Our study has both limitations and strengths. This study, which included samples of 51 patients with laboratory evidence of CHIKV infection, is one of the most extensive in comparing the ability of RT-qPCR to detect CHIKV RNA in paired serum, OF and urine. However, the number of cases per group based on the confirmation criteria was small. Nonetheless, identifying and collecting paired biological samples from patients with chikungunya in the first week of symptoms is challenging because it is difficult to predict when and where a CHIKV outbreak will occur. Therefore, obtaining paired acute-phase samples from 51 patients with confirmed chikungunya can be considered a strength of our study. Furthermore, although the OF and urine samples tested did not show visual signs of blood, we cannot rule out the possibility of blood contamination due to a mucosal lesion. Nevertheless, none of the patients with CHIKV RNA detected in the OF samples reported gingival bleeding, and only one reported having oral ulcers. The only patient who had a positive urine sample did not report hematuria. In an additional limitation, the frequency of detection of CHIKV RNA in the patients’ acute-phase urine and OF samples, as well as the Ct of detection, may have been influenced by the chosen RNA extraction and RT-qPCR methods or by storing the samples at −80 °C instead of using fresh samples. However, the implementation of the same protocols for RNA extraction and RT-qPCR in all the tested samples ensured the consistency of our comparative study. Finally, in terms of strengths, our study differs from the other two main studies that investigated the usefulness of a set of biological samples for diagnosing CHIKV infection via RT-PCR [28,29] because it is the first to show that OF can be RT-qPCR-positive in patients without positive RT-qPCR in serum (but with IgM seroconversion). It also differs from the previous studies by including two control groups, one comprising patients with RT-PCR-confirmed dengue and one with non-arbovirus acute febrile illness, thus supporting the high specificity of CHIKV qRT-PCR in non-serum samples.

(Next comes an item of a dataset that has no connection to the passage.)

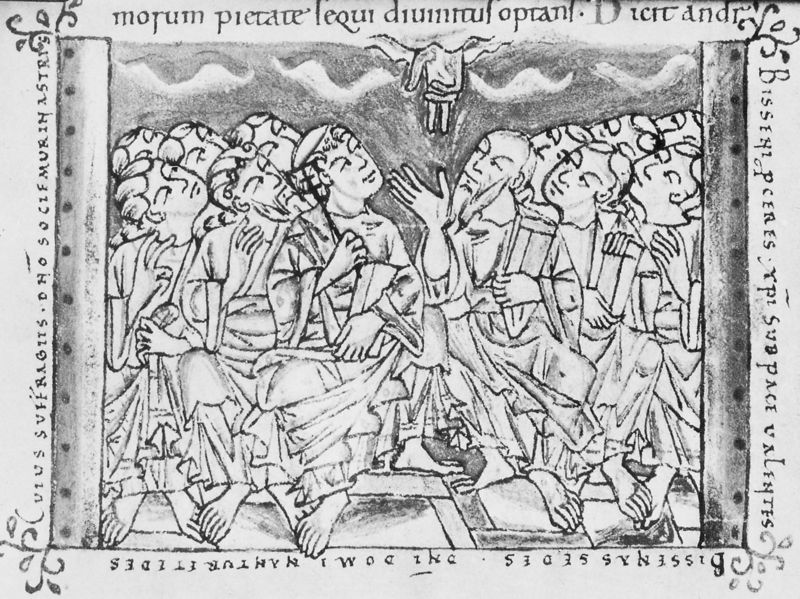
Titel: Caligula A. XIV
Institution: London, British Library
Schlagwörter: gott, hand, himmel, weiß, menschen, finger, männer, schwarz, zeichnung, wolke, malerei, ornament, mensch, rahmen, haare, gewänder, füße, schrift, inschrift, ornamente, zeigen, punkte, barfuss, kreuz, druck, stich, seite, schwarzweiß, text, christus, jesus, mittelalter, jünger, petrus, schwur, tonsur, latein, apostel, buchmalerei, gesetz, paulus, himmeln, karolinger, ottonen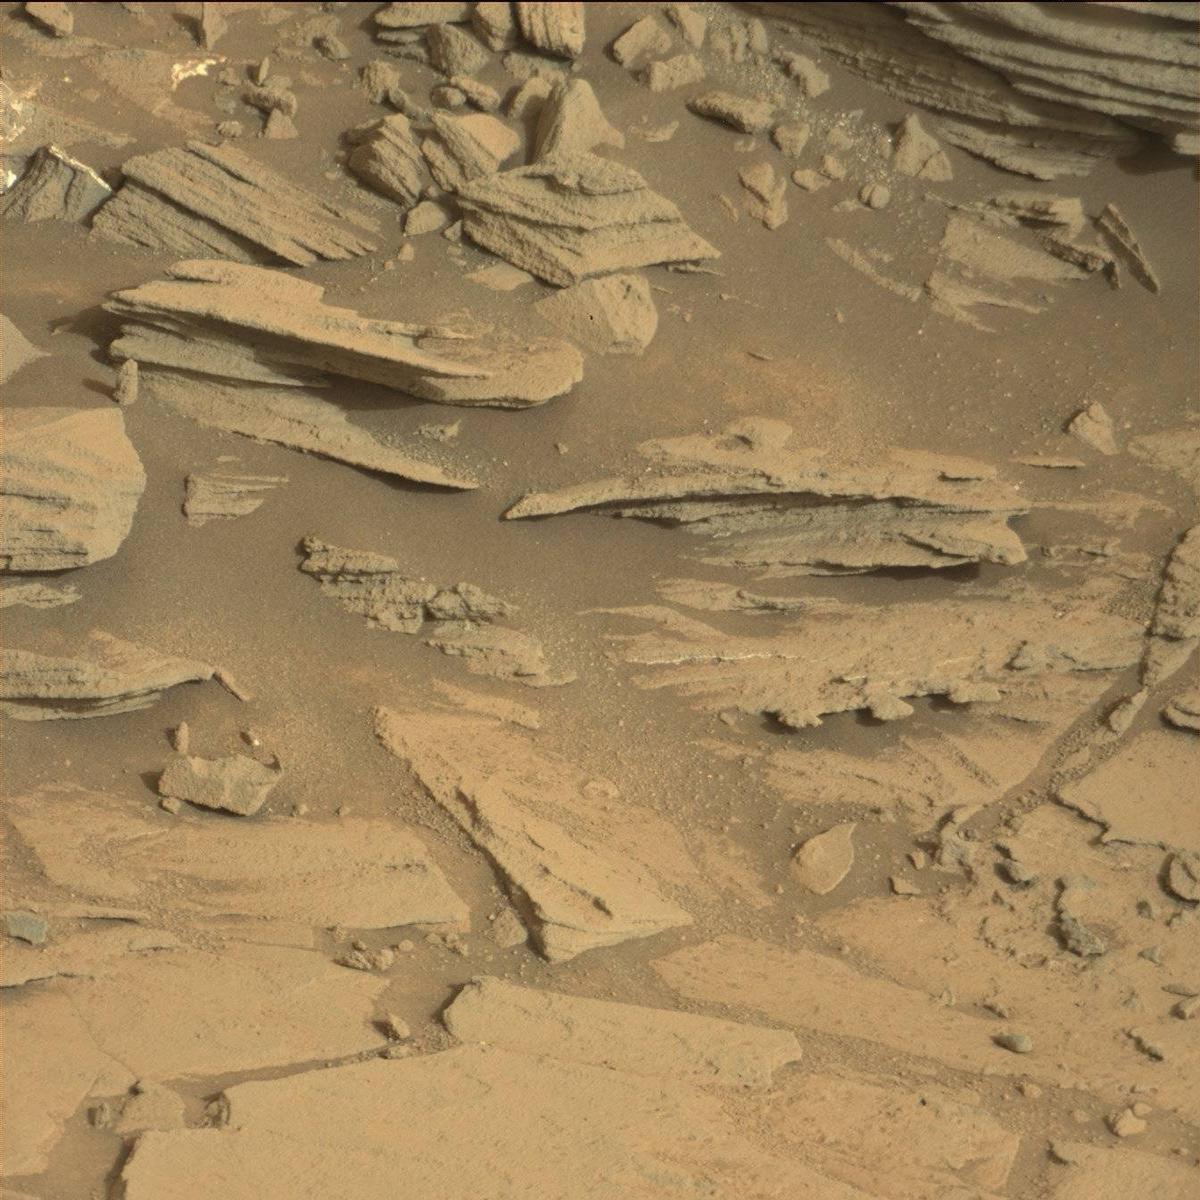
Terrain classes present: Bedrock, Rock, Sand / Soil

In summary, our results confirm that serum is the best sample for RT-qPCR-based CHIKV diagnosis during acute disease, especially when collected in the first five days after the initial onset of symptoms. However, when serum cannot be obtained, or the laboratory detection of CHIKV is employed as part of surveillance efforts to monitor virus transmission trends among suspected patients, rather than for case diagnosis and management, testing OF may be attractive as a non-invasive alternative sample. However, while OF may prove helpful for surveillance or diagnosis in specific situations, a negative result should not be used to rule out a CHIKV infection. Our findings showed that the sensitivity of RT-qPCR performed in OF was about 50% that of the same assay performed in serum RT-qPCR. Nevertheless, because we found cases in which CHIKV RNA was detected in OF but not in serum, additional studies should be conducted to determine whether the parallel testing of serum and OF increases the capacity of case confirmation, to justify the routinization of the parallel testing of these two samples.